There are also positive signals in terms of consumption capacity and willingness. The Passenger Car Association points out that current consumer spending accounts for 68% of their disposable income, and savings are growing rapidly. As the real estate market declines and the stock market rises slowly and steadily, funds are being transferred into the stock market, showing a reverse flow of funds between the real estate and stock markets. Therefore, consumers' enthusiasm for investing in real estate will further decrease, and the surplus funds from the stock market enhance the purchasing enthusiasm and capacity of consumers holding cash for car purchases.
The impressive performance of the export market continues to contribute to the growth of the automotive market. Since the second quarter, China's automobile exports have been favorable, with some overseas markets experiencing significant growth. In July, the overseas market share of domestic new energy vehicles increased to 16%, and the pressure to clear inventory in Russia decreased, driving a continued rise in automobile exports. In the future, as the recognition of Chinese new energy vehicles in overseas markets continues to improve and the local production systems are gradually perfected, automobile exports are expected to continue contributing to the growth of the automotive market.

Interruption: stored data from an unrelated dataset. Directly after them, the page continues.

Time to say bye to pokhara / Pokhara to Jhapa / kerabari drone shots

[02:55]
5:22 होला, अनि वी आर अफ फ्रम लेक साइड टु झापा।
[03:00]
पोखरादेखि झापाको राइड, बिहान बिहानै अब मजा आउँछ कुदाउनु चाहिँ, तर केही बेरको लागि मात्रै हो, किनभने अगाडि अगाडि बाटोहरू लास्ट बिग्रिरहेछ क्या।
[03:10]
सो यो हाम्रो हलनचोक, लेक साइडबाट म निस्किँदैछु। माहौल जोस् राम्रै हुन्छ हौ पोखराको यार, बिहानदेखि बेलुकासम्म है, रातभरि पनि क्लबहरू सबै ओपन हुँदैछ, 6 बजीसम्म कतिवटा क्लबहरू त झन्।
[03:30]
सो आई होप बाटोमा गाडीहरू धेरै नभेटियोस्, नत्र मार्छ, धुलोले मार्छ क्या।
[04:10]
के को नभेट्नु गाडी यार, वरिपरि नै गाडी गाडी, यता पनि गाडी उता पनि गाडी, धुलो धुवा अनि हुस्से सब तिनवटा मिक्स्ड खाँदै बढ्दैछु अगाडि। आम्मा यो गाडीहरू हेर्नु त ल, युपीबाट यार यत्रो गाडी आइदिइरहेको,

Policy support is expected to inject a "booster" into the car market in September. Recently, the 2025 "Thousand Counties and Ten Thousand Towns" New Energy Vehicle Consumption Season activities have been launched in Hubei, Shandong, and other regions. As a major consumer good, automobiles play an important role in boosting consumption. In county and township areas, there is still broad market space for automobiles, especially new energy vehicles. At the same time, new policies to promote automobile consumption have been intensively introduced nationwide, covering areas such as car purchase subsidies, financial interest subsidies, and charging facility construction subsidies.

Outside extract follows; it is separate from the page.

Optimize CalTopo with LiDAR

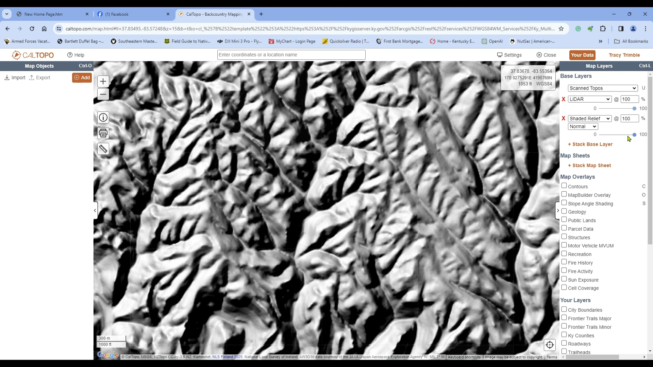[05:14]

Cui Dongshu stated, "The trade-in programs in various regions are gradually being restarted, and the subsidy methods are becoming more diversified, refined, and precise, which is expected to bring positive prospects to the car market."

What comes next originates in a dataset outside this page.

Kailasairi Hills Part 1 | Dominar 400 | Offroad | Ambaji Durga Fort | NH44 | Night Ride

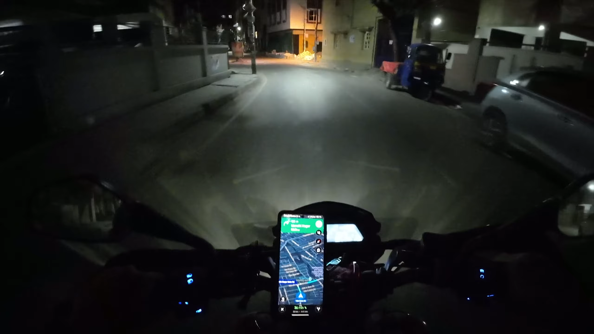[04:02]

Certainly, the passenger car market in September also faces some pressure. The Passenger Car Association pointed out that the characteristic of high sales in the "Golden September" car market has become increasingly apparent in recent years. From 2015 to 2019, retail sales in September accounted for an average of 8.8% of the annual total. In the years following the pandemic, from 2023 to 2024, this proportion reached 9.3%. The monthly sales in the second half of 2024, driven by policy, have risen sharply, resulting in a relatively high sales base for this September, which to some extent may affect the growth rate for September. Additionally, the pace of subsidy funding being allocated in some regions is somewhat controlled, which may also impact the market's growth rate.